From the Upper West Side to the Middle East: Najla Said on Her New Memoir, Looking for Palestine
“I am a Palestinian-Lebanese-American Christian woman, but I grew up as a Jew in New York City. I began my life, however, as a WASP,” writes author and actress Najla Said, whose new memoir, Looking for Palestine: Growing Up Confused in an Arab-American Family (Riverhead), sorts through a bewildering stew of identities with honesty and humor. Said grew up in the 1980s on the Upper West Side, eating bagels from Zabar’s and surrounded by intellectuals; she attended school across Central Park on the Upper East Side, at sea amid the blonde daughters of privilege. While her father and “temperamental soul mate,” the scholar Edward Said, was arguing for Palestinian self-determination (and her Lebanese mother, Mariam, was managing their daily life), young Najla was gripped by an eating disorder, struggling to reconcile TV news stereotypes of the Middle East with her own eye-opening experiences—including visits to her father’s homeland, where she toured refugee camps in an Agnès B. skirt—and to her mother’s family in Beirut, where she found a sense of belonging. Vogue corresponded with Said about her own path to self-definition, both onstage and on the page.
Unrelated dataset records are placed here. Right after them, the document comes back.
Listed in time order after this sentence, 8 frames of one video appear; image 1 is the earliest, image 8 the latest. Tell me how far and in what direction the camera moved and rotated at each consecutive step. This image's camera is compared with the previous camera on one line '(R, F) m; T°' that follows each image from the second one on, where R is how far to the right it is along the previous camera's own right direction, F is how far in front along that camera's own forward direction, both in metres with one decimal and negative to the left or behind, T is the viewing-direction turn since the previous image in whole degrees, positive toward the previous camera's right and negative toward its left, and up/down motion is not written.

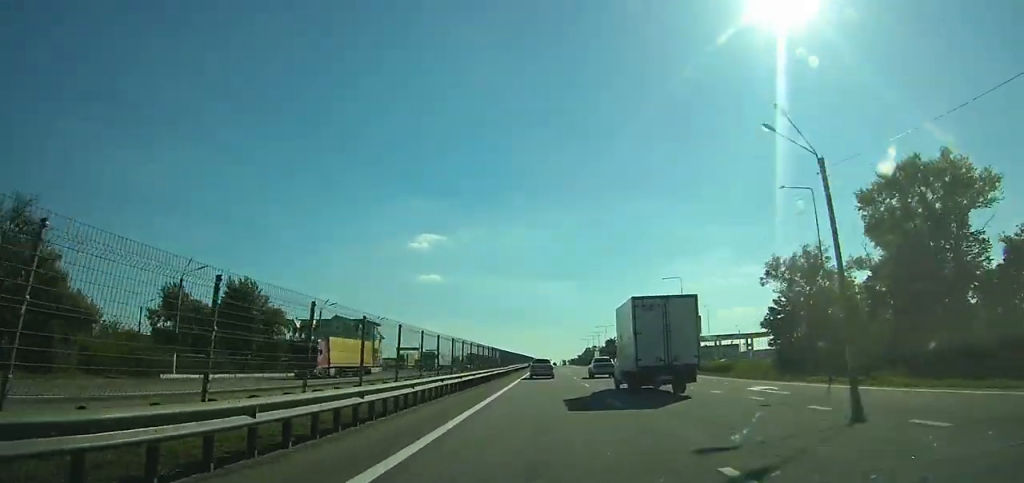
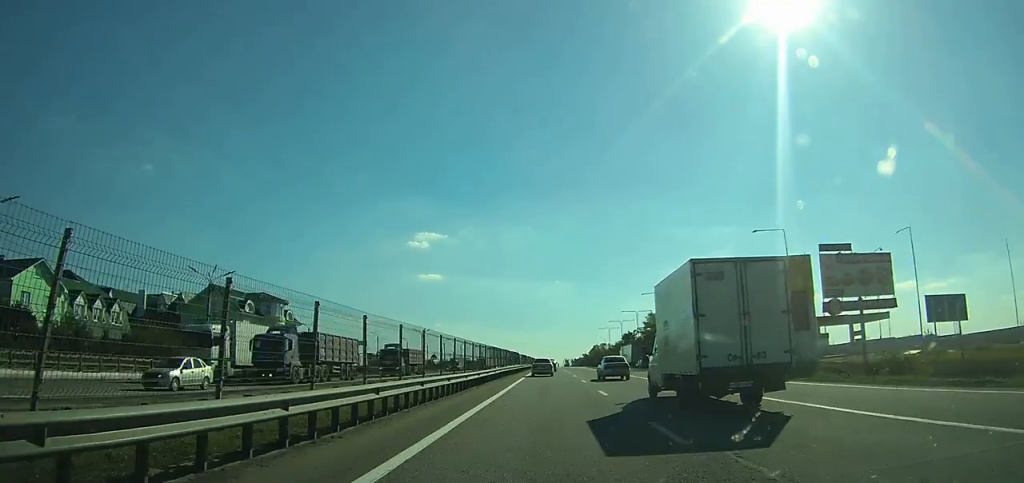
(+0.2, +53.6) m; 0°
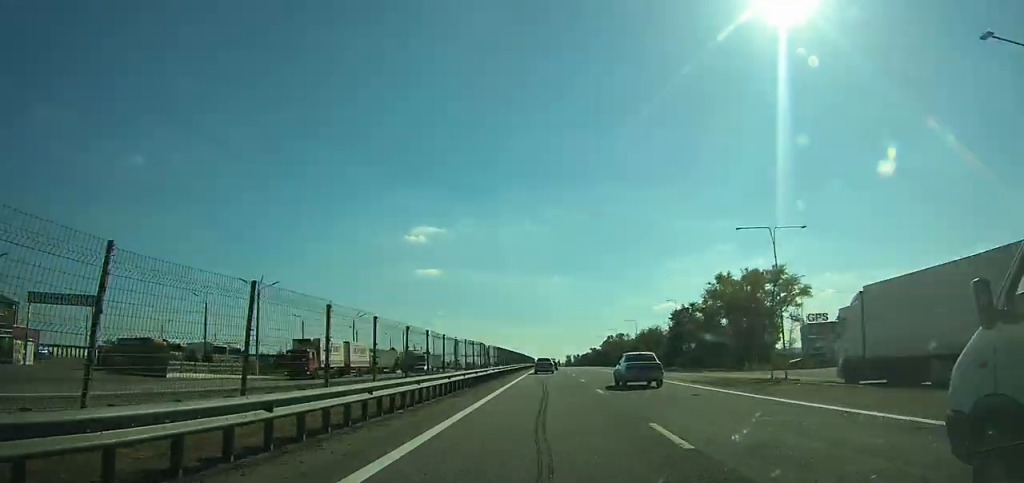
(+0.1, +86.2) m; 0°
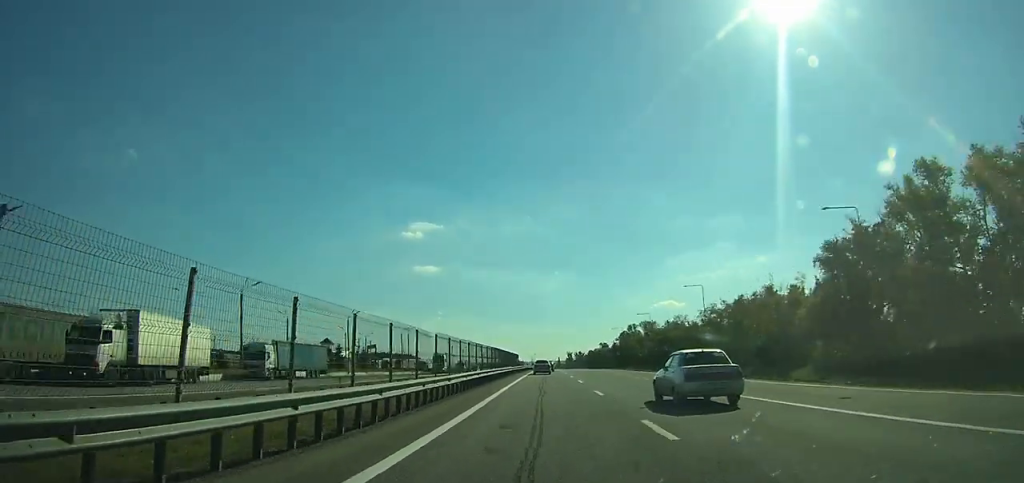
(0.0, +72.8) m; 0°
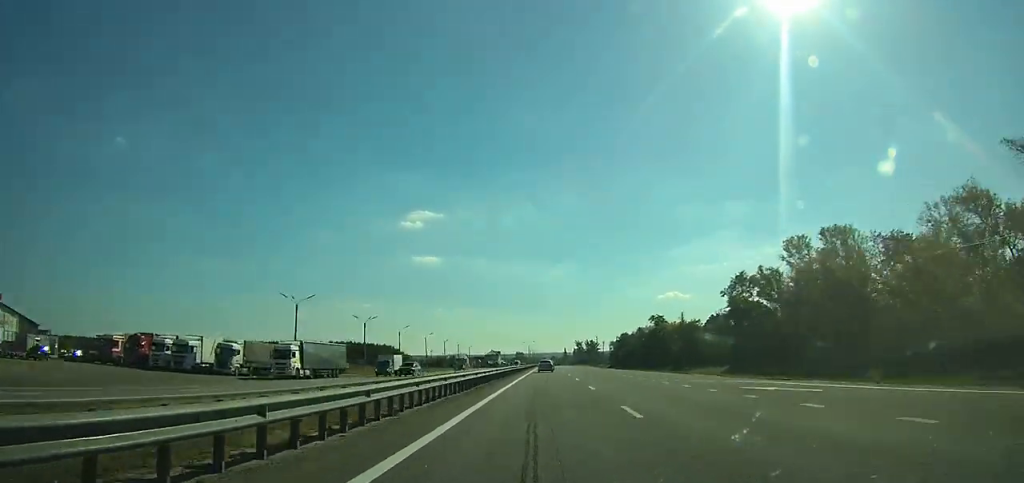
(-0.4, +129.4) m; 0°
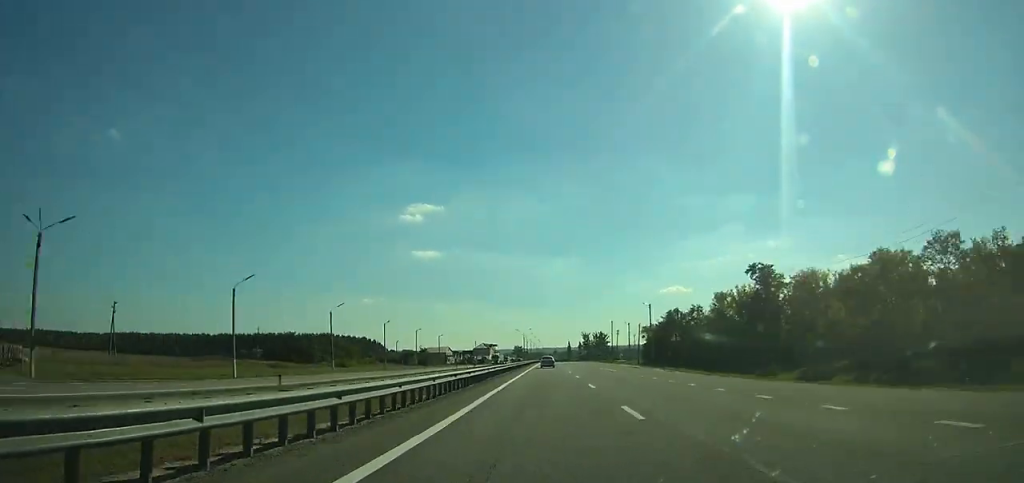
(-0.1, +71.5) m; 0°
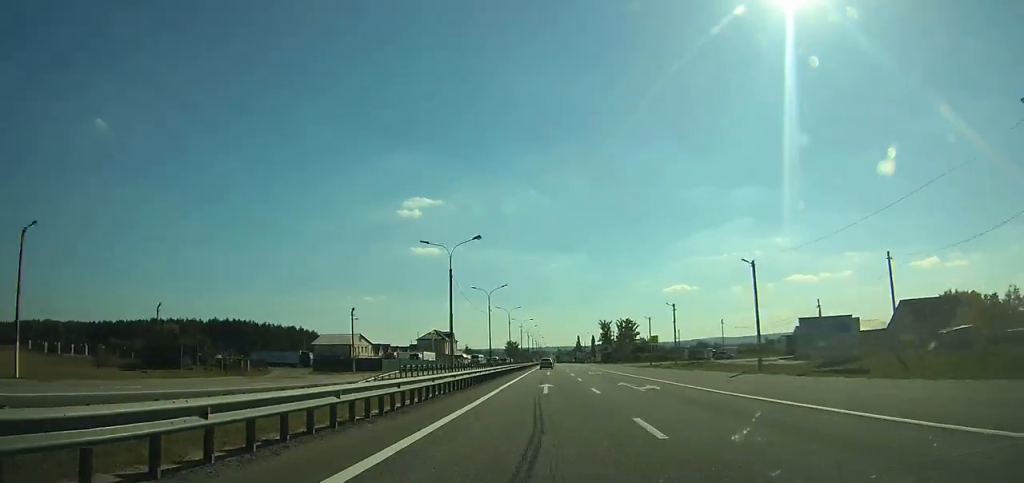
(-0.3, +148.5) m; 0°
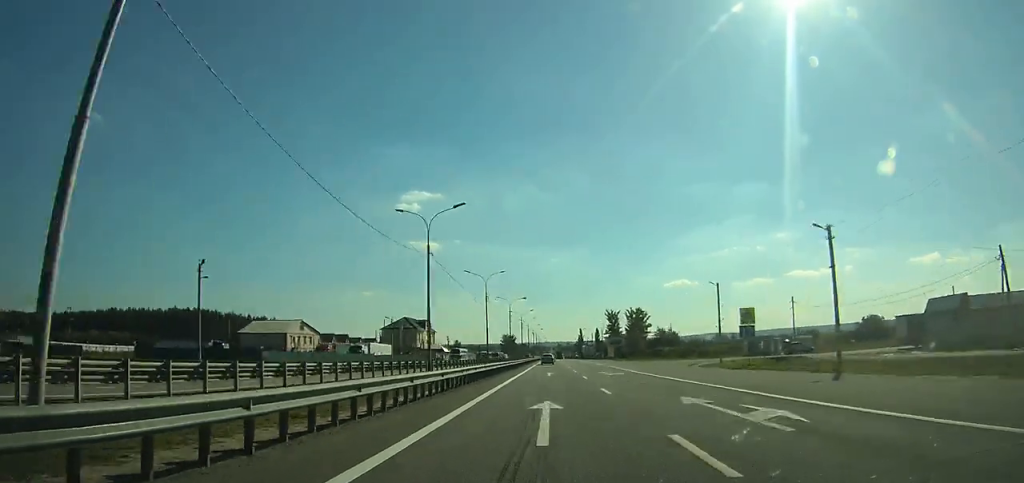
(-0.1, +39.8) m; 0°

Your memoir shows so clearly how the fear of being different, something so dreaded by children, can be a tremendous advantage as an adult. We bring other perspectives into the room; we have more than one country to call home. That said, identifying as Arab-American has only become more complex since you were a child. Did writing the book help you clarify what it means to you?
It did. I think that for so long I really wanted to find out if I was more “Arab” or more “American,” as if there was some definitive answer to that question, since “Arab-American” never seemed to feel as though it fit properly. In writing the book, I was able to really dive into the questions I had about my so-called “real identity” and ultimately understand that they were probably never going to be resolved. In an interesting way, that is also what I felt connected me to my father’s work and his legacy. He was a person who hated labels and saw himself as a true exile from all sorts of cultural identifications.
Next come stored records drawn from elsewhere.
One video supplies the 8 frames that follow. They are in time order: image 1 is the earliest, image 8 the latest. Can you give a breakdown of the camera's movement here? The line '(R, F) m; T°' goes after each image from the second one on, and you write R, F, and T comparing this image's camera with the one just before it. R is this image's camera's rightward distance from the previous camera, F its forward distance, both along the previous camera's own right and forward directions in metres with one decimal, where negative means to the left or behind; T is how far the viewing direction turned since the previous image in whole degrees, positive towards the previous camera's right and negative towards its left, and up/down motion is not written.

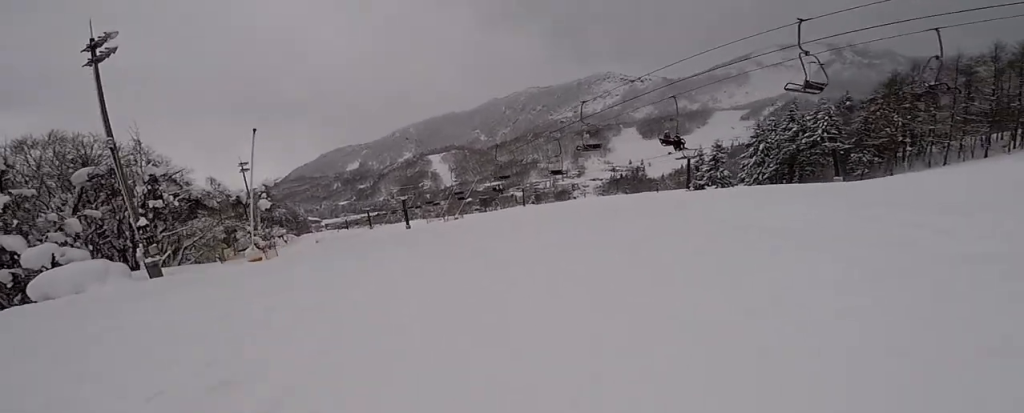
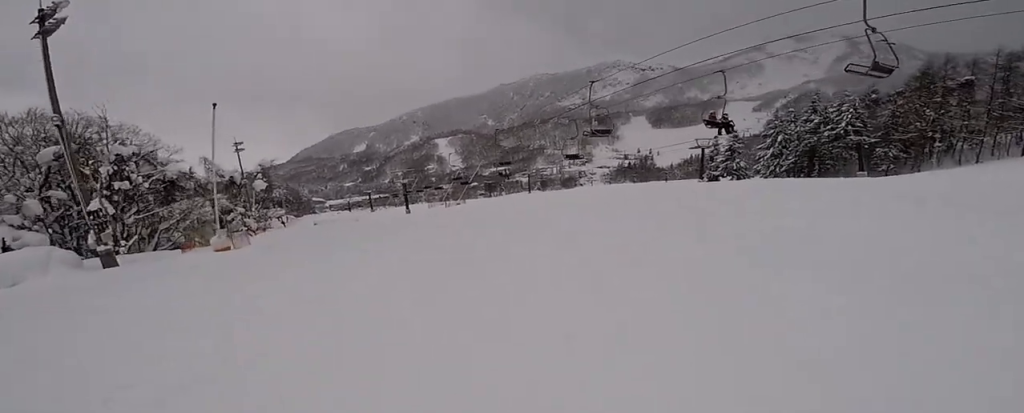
(+0.2, +3.0) m; +7°
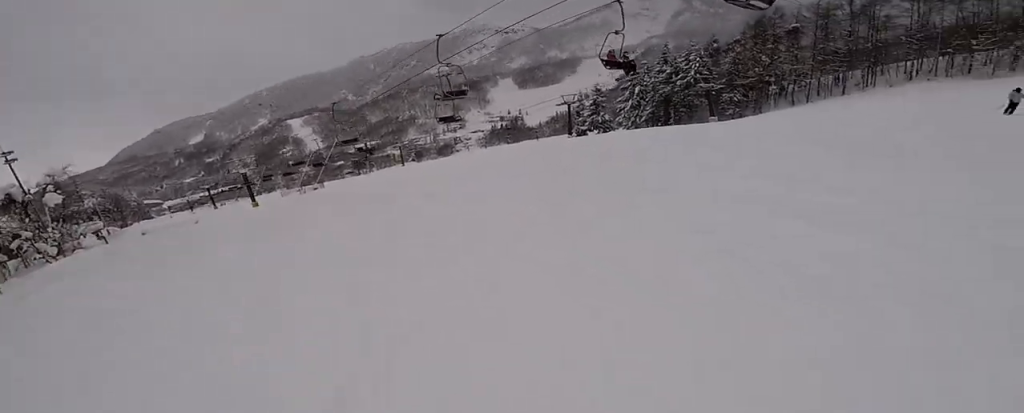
(+0.1, +3.7) m; +6°
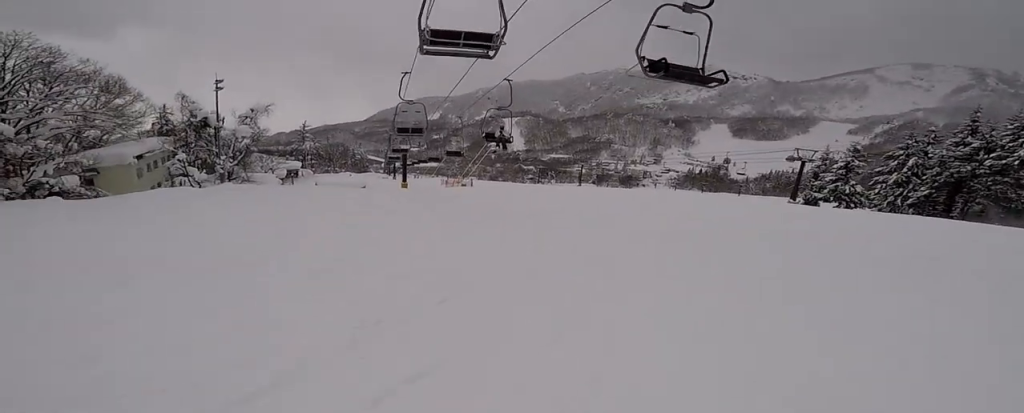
(-1.9, +13.8) m; -24°
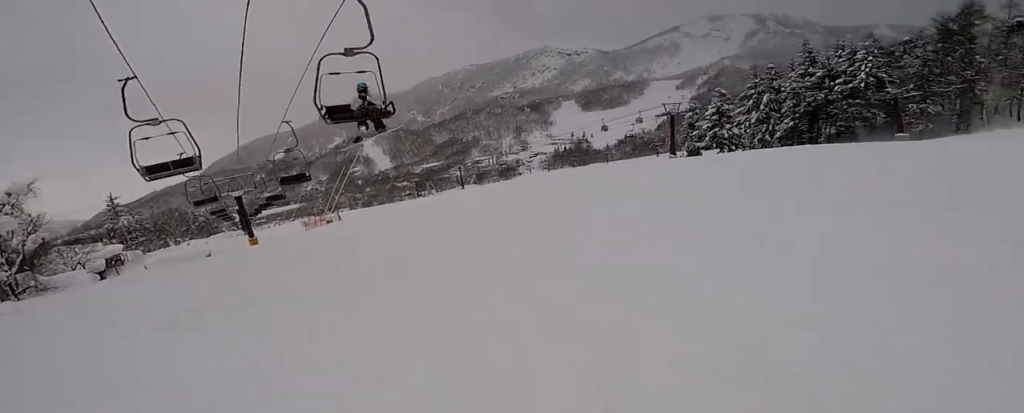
(-0.1, +6.6) m; +12°
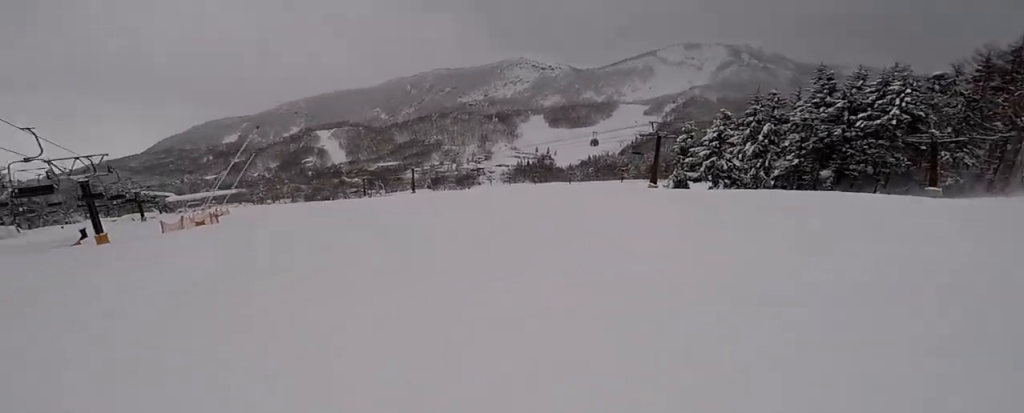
(+0.9, +10.6) m; -3°
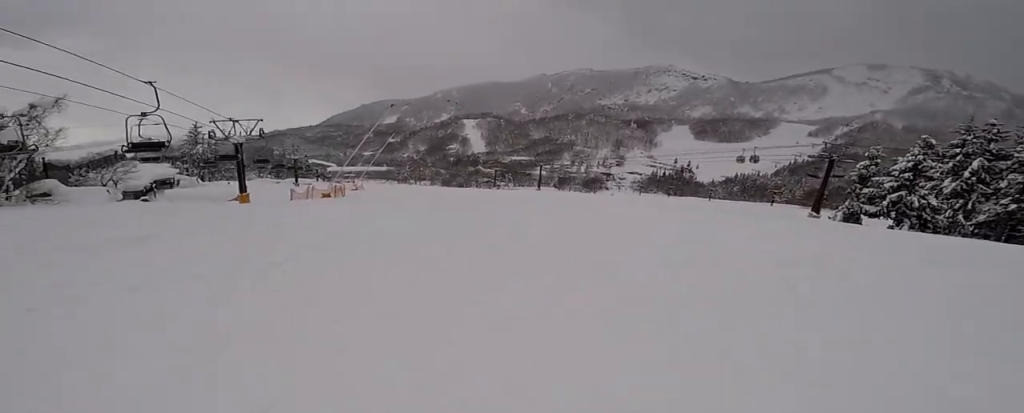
(0.0, +3.0) m; -5°
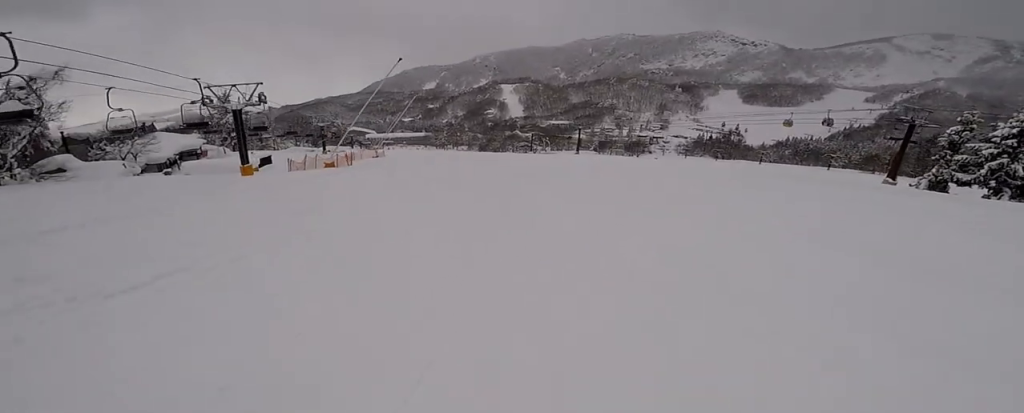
(+0.6, +4.4) m; -8°

As I went through the experiences of my childhood, I began to see how I had come to absorb all he believed in and thought about without even trying. That was a wonderful realization: I had somehow created and thought incessantly about my own mixed-up “identity” precisely because I was never encouraged to embrace just one. I feel totally American at times and totally not American at times, and I feel the same way about being Arab.
Your memoir emerged from your successful one-woman show, Palestine, which struck a chord in post 9/11 New York. What made you decide to adapt that into a book in the first place, and what was the process like? Have any responses to it surprised you?
I wrote the play to give myself an acting job—and because I was encouraged by colleagues who felt it would be an important story to tell, and a way to add to the creative contributions of the newly visible (post-9/11) Arab-American community. I was frustrated, as I had been constantly auditioning to play Arab women in film and TV and onstage, only to find that I come across as far more “white” because of my skin tone (Hollywood Arabs tend to most often be dark-skinned; real Arabs, of course, are completely varied) and my education and upbringing. And yet I rarely got to audition for anything other than “the Arab.” I wanted to write a play that showed all the sides of my personality and range. And then, when I started performing Palestine, I was overwhelmed with positive responses to my writing. Literary people saw me perform and encouraged me to turn it into a book. I started working on that as soon as the show closed in 2010.
I will say this: It was extremely difficult to write a book, in prose, in my own voice, without being able to rely on my acting skills to convey subtext. I’m surprised when people like my writing; I am not surprised when some people are disappointed that it doesn’t sound like something my father wrote. That happens all the time, and it doesn’t even faze me anymore.
There have been a number of prominent memoirs by the children of famous author fathers published in the last year, but in Looking for Palestine, your mother is just as strong a presence. What was her reaction to the book?
It’s amazing that just being the daughter of someone, and being from a particular culture and not hiding it, makes you automatically “political” or “controversial.” In fact I only really started to know my mom after my dad died. He was so larger-than-life, it was hard for anyone to see how incredible she was. As a grown-up, and as a woman, I am so proud of who she is, and in a sense I wanted to write it for her. My mom is not the most demonstrative person in the world, which is why, when she opened it and saw that it was dedicated to “my parents,” and she smiled and got sort of flushed with pride, I felt that even if everyone else hated the book, I made my mother proud.